• _Task to carry out_
Only the lines holding "mark" are wanted here; copy each from the listing.
[Data for analysis Boundary: Start]
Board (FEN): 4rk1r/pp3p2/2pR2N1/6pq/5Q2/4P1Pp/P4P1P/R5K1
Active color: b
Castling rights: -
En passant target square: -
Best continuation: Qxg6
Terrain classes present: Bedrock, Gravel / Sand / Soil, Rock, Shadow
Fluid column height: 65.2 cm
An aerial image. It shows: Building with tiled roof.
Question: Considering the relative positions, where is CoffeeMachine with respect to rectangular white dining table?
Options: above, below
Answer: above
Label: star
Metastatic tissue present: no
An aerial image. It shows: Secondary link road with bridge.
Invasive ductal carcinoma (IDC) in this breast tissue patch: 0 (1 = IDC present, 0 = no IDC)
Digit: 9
[Data for analysis Boundary: End]
[Data for analysis Boundary: Start]
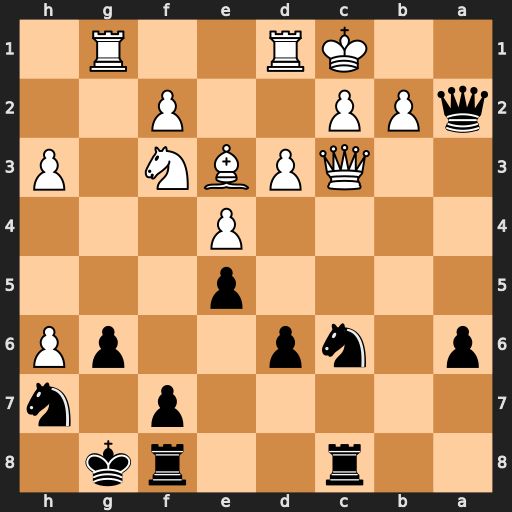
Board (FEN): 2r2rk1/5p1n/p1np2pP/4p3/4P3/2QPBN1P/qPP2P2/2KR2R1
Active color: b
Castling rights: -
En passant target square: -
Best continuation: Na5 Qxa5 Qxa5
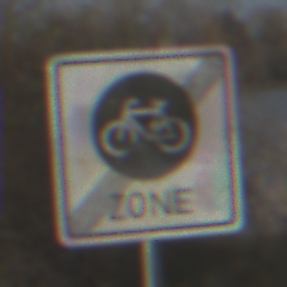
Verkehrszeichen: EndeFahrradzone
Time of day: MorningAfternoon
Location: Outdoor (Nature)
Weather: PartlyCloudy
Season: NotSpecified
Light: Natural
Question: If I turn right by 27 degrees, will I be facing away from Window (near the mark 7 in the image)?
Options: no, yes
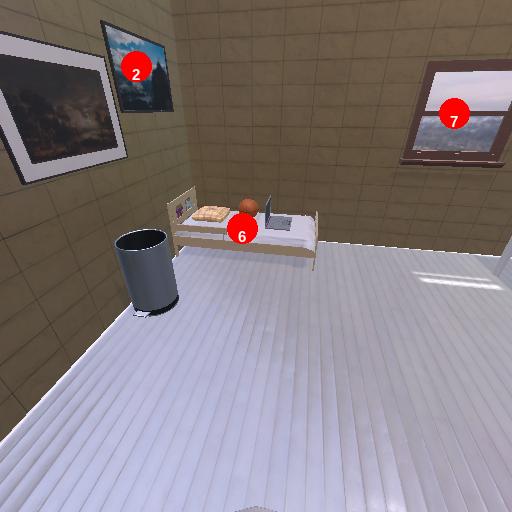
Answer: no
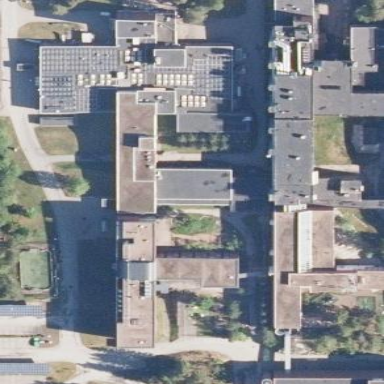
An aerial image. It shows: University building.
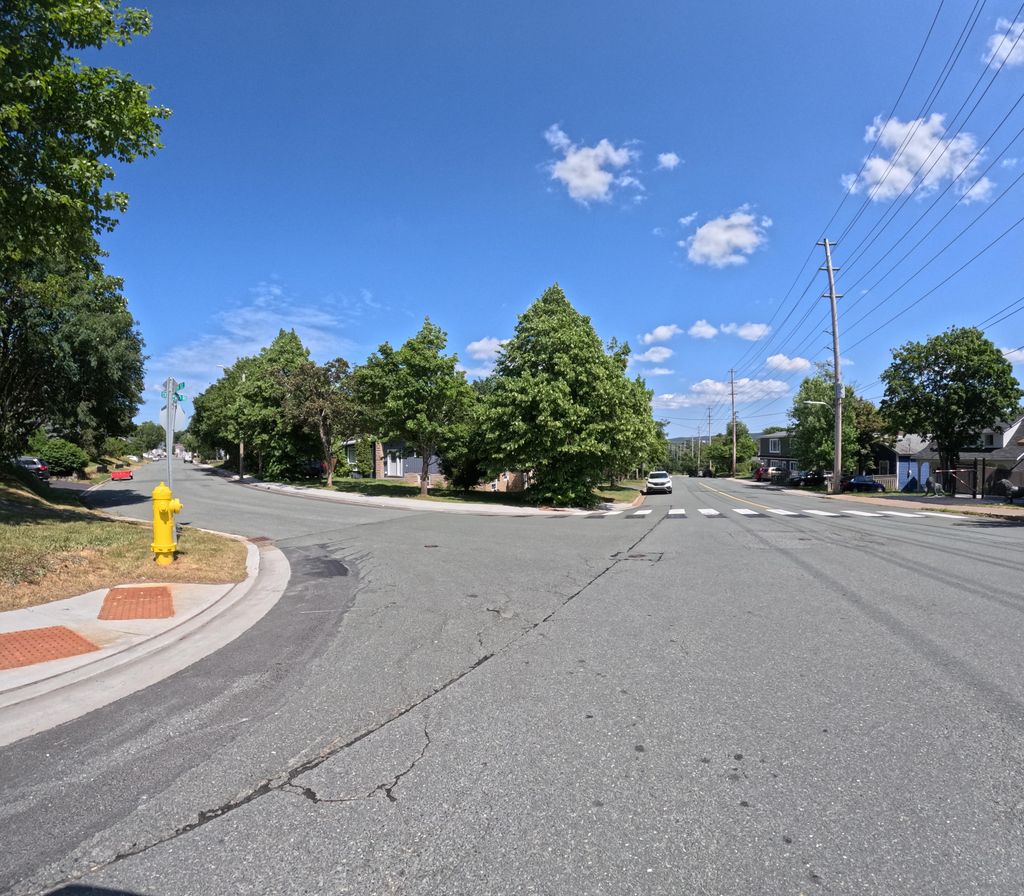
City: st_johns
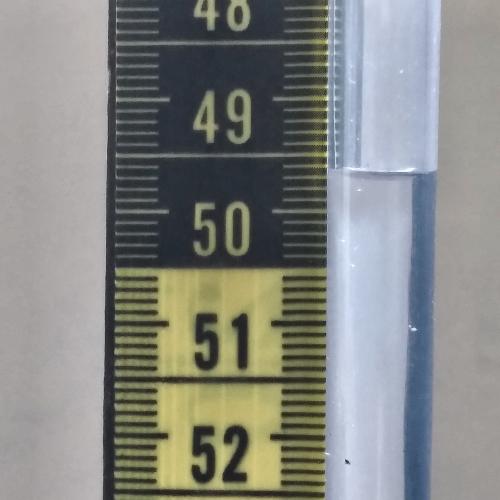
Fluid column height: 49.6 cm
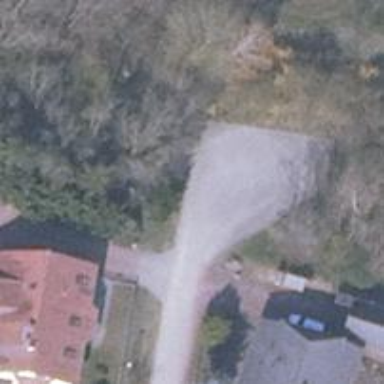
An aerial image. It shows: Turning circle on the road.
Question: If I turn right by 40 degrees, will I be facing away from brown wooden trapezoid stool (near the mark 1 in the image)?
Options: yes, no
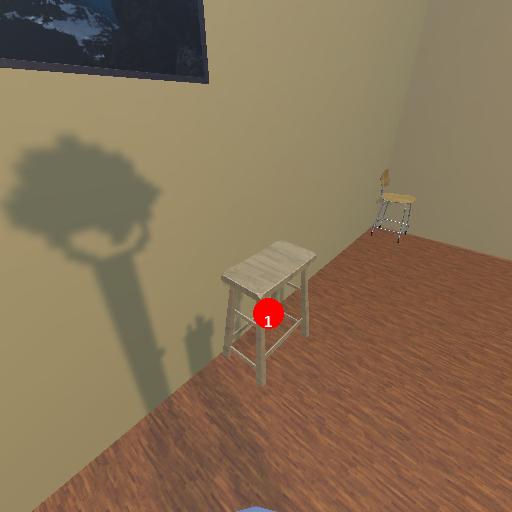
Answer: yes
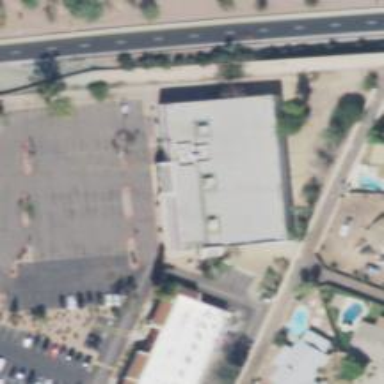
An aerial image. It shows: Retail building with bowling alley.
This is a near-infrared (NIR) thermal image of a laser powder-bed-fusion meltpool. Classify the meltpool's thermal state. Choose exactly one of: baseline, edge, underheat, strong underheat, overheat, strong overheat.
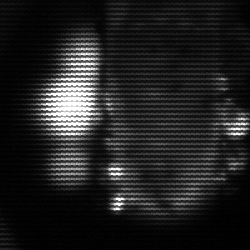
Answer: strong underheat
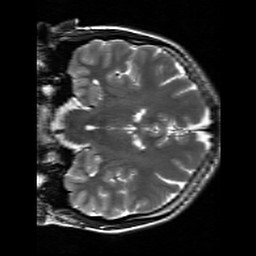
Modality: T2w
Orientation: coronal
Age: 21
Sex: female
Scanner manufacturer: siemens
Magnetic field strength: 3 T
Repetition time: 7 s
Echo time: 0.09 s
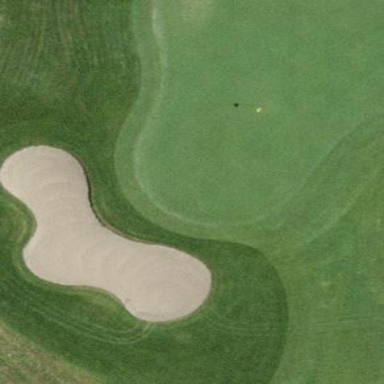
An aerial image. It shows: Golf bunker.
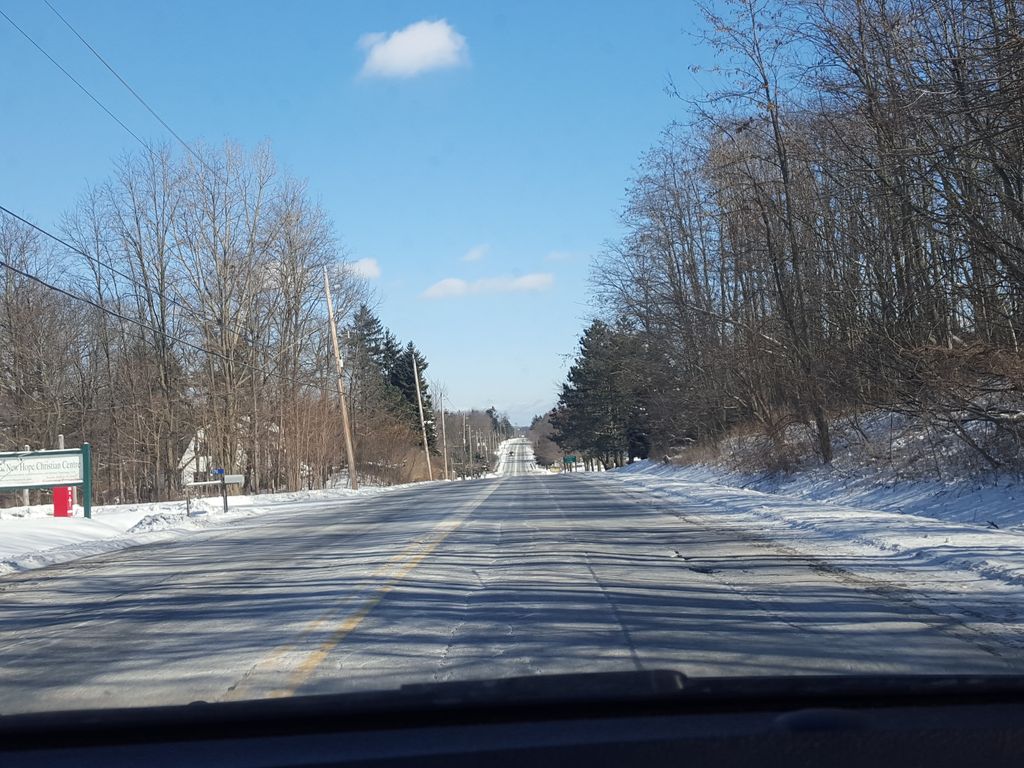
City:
[Data for analysis Boundary: End]
[Data for analysis Boundary: Start]
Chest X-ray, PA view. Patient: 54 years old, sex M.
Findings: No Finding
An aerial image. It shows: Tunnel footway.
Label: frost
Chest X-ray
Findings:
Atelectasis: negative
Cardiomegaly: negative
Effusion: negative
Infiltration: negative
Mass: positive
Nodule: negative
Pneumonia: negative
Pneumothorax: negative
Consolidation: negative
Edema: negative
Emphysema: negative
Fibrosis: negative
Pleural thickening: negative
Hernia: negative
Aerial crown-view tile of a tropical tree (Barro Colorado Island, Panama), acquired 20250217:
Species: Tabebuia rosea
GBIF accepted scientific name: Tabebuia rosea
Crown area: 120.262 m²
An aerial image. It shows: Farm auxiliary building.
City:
[Data for analysis Boundary: End]
• _Response area_
Question: If I turn right by 27 degrees, will I be facing away from Window (near the mark 7 in the image)?
Question: If I turn right by 40 degrees, will I be facing away from brown wooden trapezoid stool (near the mark 1 in the image)?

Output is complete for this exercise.